Given records below:
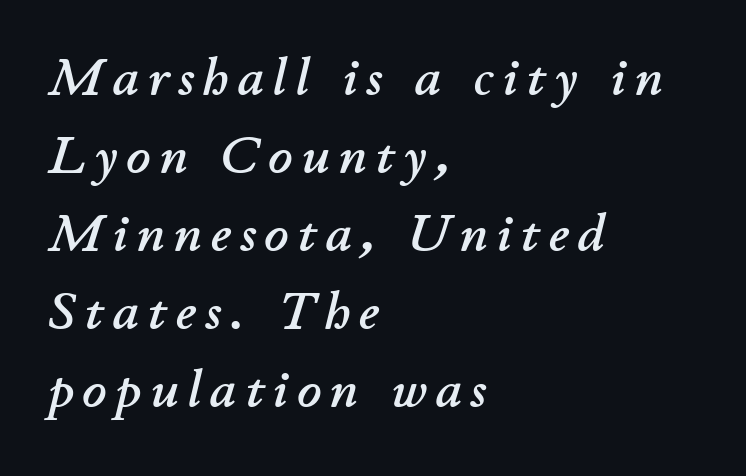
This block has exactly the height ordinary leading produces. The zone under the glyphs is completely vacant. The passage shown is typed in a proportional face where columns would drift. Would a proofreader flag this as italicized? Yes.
End of Given records.
Given records below:
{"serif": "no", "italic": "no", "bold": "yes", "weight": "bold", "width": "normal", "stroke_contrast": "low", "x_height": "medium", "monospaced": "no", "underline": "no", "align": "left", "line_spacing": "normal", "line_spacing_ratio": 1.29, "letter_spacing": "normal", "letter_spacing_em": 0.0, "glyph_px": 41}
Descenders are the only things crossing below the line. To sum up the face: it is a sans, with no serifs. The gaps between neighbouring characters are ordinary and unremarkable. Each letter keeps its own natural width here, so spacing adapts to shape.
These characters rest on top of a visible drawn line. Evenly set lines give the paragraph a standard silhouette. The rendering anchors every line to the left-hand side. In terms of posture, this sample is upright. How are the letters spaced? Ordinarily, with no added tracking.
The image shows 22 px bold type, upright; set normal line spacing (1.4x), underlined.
End of Given records.
Please give only the count of lines above containing "this".

2